Last year, I quit my job at a TV network to focus on my own writing and comedy career. I had enough savings from 10 years of full-time writing jobs to last me about seven months. After that, I’d be cashing out my 401K to support myself.
“DON’T DO IT,” said almost every breathing body who heard my plan.
“Oh really? Why not?,” I’d ask, and promptly tune them out to fantasize about melty cheese. I’d made up my mind about quitting, and no accountant, broke comedian, or corporate climber could talk me out of it.
These people weren’t wrong, of course. Taking a hit on your 401K is a poor friggin’ decision if you’re looking at life from a strictly-numbers perspective. But people aren’t numbers, and I was burnt out.
Years of working full-time during the day, running to comedy shows at night, writing scripts on weekends, and scrapping for free moments to promote my work had taken its toll, and I needed sleep. I also needed to find out what caliber of content I could create without having a full-time job occupying so much of my mental and physical energy.

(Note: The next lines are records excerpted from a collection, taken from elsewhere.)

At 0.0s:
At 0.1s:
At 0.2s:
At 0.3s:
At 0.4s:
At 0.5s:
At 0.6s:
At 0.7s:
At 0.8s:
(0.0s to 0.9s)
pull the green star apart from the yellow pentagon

In mid October, seven months after I quit my job, my savings were low. The first seven months had felt like a vacation—I traveled all summer doing standup, staying at decent AirBnBs, eating great meals, and spending money that had been sitting in my checking account.
But in October, I had to decide whether I was really ready to cash out my 401K, incur a huge penalty, and fritter away the only “rainy day” money I’d ever had.

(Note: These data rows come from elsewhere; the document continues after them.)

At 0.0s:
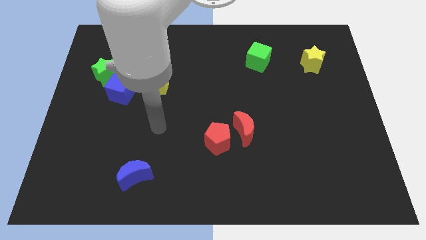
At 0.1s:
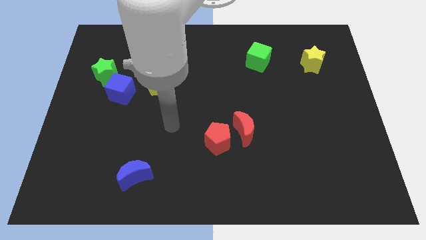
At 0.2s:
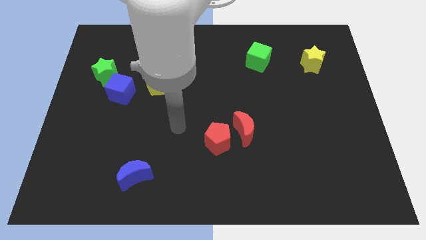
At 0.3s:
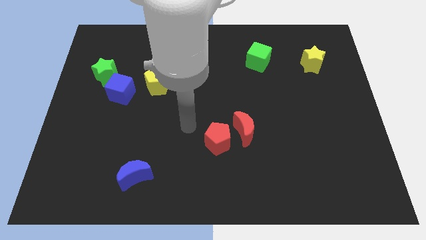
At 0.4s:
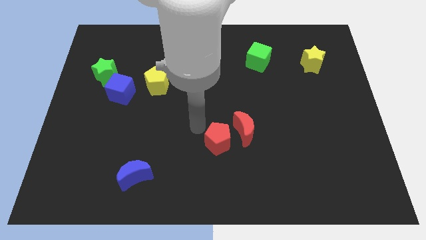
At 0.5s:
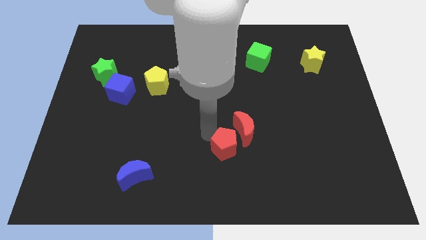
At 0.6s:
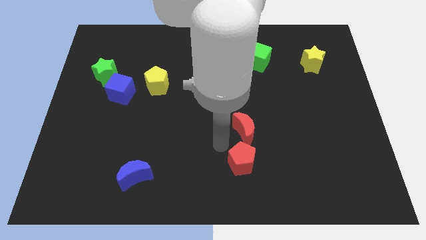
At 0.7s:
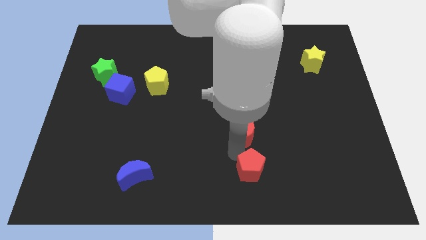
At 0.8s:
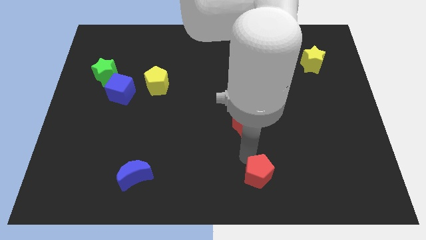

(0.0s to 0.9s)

As if my Last Chance Guardian Angel was watching over my bank account, in October I got an out-of-the-blue job offer to create online videos for a media company. The pay wasn’t great, but it’d be enough to survive very frugally.
I turned it down.
I felt I was only getting started on my work, and that I must march boldly into my future without a job holding me back. Still, hitting that final WITHDRAW button on the 401K website was utterly terrifying.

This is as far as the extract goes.